**What is required**.
Exact transcription of the records is required.

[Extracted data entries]
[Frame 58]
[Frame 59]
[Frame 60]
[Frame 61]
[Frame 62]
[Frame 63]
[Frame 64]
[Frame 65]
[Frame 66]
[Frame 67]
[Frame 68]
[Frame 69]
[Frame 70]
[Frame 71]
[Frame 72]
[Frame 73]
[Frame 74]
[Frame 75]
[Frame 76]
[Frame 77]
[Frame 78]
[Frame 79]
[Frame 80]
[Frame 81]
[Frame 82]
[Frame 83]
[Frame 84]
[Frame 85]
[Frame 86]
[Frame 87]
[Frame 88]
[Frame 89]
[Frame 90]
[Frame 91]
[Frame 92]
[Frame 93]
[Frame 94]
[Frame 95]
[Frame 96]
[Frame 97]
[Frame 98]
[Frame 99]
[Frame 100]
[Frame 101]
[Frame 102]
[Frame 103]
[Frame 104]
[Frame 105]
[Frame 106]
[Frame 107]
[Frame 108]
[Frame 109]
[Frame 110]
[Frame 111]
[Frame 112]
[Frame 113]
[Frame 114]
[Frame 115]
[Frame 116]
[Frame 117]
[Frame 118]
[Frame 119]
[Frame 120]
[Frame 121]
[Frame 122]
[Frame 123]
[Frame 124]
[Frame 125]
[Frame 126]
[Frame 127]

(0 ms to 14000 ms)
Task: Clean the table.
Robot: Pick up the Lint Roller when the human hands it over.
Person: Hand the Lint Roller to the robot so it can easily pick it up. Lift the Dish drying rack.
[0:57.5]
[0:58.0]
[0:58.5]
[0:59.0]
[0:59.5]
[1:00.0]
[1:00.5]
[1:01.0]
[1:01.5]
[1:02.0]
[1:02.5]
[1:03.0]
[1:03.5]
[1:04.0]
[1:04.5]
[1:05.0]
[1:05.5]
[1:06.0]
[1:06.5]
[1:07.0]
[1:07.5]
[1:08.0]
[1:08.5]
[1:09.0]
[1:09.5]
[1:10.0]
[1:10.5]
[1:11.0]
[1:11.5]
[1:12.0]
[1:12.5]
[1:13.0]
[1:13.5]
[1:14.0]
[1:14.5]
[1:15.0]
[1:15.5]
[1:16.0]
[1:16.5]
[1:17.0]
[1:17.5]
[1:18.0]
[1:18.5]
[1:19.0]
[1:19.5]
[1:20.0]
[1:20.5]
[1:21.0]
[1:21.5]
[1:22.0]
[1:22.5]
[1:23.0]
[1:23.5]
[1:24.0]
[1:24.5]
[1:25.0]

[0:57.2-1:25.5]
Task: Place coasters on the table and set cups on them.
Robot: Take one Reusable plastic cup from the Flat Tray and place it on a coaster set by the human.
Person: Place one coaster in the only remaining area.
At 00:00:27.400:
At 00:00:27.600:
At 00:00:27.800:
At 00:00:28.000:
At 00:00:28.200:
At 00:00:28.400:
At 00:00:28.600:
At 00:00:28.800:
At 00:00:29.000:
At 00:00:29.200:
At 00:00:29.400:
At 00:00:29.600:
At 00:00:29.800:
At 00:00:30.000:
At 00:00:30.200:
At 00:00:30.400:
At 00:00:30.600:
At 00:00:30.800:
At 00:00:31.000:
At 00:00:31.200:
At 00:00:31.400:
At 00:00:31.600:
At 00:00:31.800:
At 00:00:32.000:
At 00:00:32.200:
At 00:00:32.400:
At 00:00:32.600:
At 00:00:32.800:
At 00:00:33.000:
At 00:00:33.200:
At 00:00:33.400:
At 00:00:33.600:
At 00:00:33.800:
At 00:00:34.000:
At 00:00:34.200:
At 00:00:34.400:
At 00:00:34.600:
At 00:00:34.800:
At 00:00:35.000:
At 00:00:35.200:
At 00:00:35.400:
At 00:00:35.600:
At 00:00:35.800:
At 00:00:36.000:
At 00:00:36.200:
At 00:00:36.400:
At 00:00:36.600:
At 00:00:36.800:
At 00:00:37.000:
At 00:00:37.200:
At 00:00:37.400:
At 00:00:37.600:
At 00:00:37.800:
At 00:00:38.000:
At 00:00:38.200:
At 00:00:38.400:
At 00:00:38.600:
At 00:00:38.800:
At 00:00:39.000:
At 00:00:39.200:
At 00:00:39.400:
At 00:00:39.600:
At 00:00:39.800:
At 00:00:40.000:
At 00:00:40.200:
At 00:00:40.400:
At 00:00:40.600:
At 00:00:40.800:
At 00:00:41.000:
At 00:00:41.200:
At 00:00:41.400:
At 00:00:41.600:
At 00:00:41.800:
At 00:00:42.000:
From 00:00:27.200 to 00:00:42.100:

**Written solution**.
[Frame 58]
[Frame 59]
[Frame 60]
[Frame 61]
[Frame 62]
[Frame 63]
[Frame 64]
[Frame 65]
[Frame 66]
[Frame 67]
[Frame 68]
[Frame 69]
[Frame 70]
[Frame 71]
[Frame 72]
[Frame 73]
[Frame 74]
[Frame 75]
[Frame 76]
[Frame 77]
[Frame 78]
[Frame 79]
[Frame 80]
[Frame 81]
[Frame 82]
[Frame 83]
[Frame 84]
[Frame 85]
[Frame 86]
[Frame 87]
[Frame 88]
[Frame 89]
[Frame 90]
[Frame 91]
[Frame 92]
[Frame 93]
[Frame 94]
[Frame 95]
[Frame 96]
[Frame 97]
[Frame 98]
[Frame 99]
[Frame 100]
[Frame 101]
[Frame 102]
[Frame 103]
[Frame 104]
[Frame 105]
[Frame 106]
[Frame 107]
[Frame 108]
[Frame 109]
[Frame 110]
[Frame 111]
[Frame 112]
[Frame 113]
[Frame 114]
[Frame 115]
[Frame 116]
[Frame 117]
[Frame 118]
[Frame 119]
[Frame 120]
[Frame 121]
[Frame 122]
[Frame 123]
[Frame 124]
[Frame 125]
[Frame 126]
[Frame 127]

(0 ms to 14000 ms)
Task: Clean the table.
Robot: Pick up the Lint Roller when the human hands it over.
Person: Hand the Lint Roller to the robot so it can easily pick it up. Lift the Dish drying rack.
[0:57.5]
[0:58.0]
[0:58.5]
[0:59.0]
[0:59.5]
[1:00.0]
[1:00.5]
[1:01.0]
[1:01.5]
[1:02.0]
[1:02.5]
[1:03.0]
[1:03.5]
[1:04.0]
[1:04.5]
[1:05.0]
[1:05.5]
[1:06.0]
[1:06.5]
[1:07.0]
[1:07.5]
[1:08.0]
[1:08.5]
[1:09.0]
[1:09.5]
[1:10.0]
[1:10.5]
[1:11.0]
[1:11.5]
[1:12.0]
[1:12.5]
[1:13.0]
[1:13.5]
[1:14.0]
[1:14.5]
[1:15.0]
[1:15.5]
[1:16.0]
[1:16.5]
[1:17.0]
[1:17.5]
[1:18.0]
[1:18.5]
[1:19.0]
[1:19.5]
[1:20.0]
[1:20.5]
[1:21.0]
[1:21.5]
[1:22.0]
[1:22.5]
[1:23.0]
[1:23.5]
[1:24.0]
[1:24.5]
[1:25.0]

[0:57.2-1:25.5]
Task: Place coasters on the table and set cups on them.
Robot: Take one Reusable plastic cup from the Flat Tray and place it on a coaster set by the human.
Person: Place one coaster in the only remaining area.
At 00:00:27.400:
At 00:00:27.600:
At 00:00:27.800:
At 00:00:28.000:
At 00:00:28.200:
At 00:00:28.400:
At 00:00:28.600:
At 00:00:28.800:
At 00:00:29.000:
At 00:00:29.200:
At 00:00:29.400:
At 00:00:29.600:
At 00:00:29.800:
At 00:00:30.000:
At 00:00:30.200:
At 00:00:30.400:
At 00:00:30.600:
At 00:00:30.800:
At 00:00:31.000:
At 00:00:31.200:
At 00:00:31.400:
At 00:00:31.600:
At 00:00:31.800:
At 00:00:32.000:
At 00:00:32.200:
At 00:00:32.400:
At 00:00:32.600:
At 00:00:32.800:
At 00:00:33.000:
At 00:00:33.200:
At 00:00:33.400:
At 00:00:33.600:
At 00:00:33.800:
At 00:00:34.000:
At 00:00:34.200:
At 00:00:34.400:
At 00:00:34.600:
At 00:00:34.800:
At 00:00:35.000:
At 00:00:35.200:
At 00:00:35.400:
At 00:00:35.600:
At 00:00:35.800:
At 00:00:36.000:
At 00:00:36.200:
At 00:00:36.400:
At 00:00:36.600:
At 00:00:36.800:
At 00:00:37.000:
At 00:00:37.200:
At 00:00:37.400:
At 00:00:37.600:
At 00:00:37.800:
At 00:00:38.000:
At 00:00:38.200:
At 00:00:38.400:
At 00:00:38.600:
At 00:00:38.800:
At 00:00:39.000:
At 00:00:39.200:
At 00:00:39.400:
At 00:00:39.600:
At 00:00:39.800:
At 00:00:40.000:
At 00:00:40.200:
At 00:00:40.400:
At 00:00:40.600:
At 00:00:40.800:
At 00:00:41.000:
At 00:00:41.200:
At 00:00:41.400:
At 00:00:41.600:
At 00:00:41.800:
At 00:00:42.000:
From 00:00:27.200 to 00:00:42.100:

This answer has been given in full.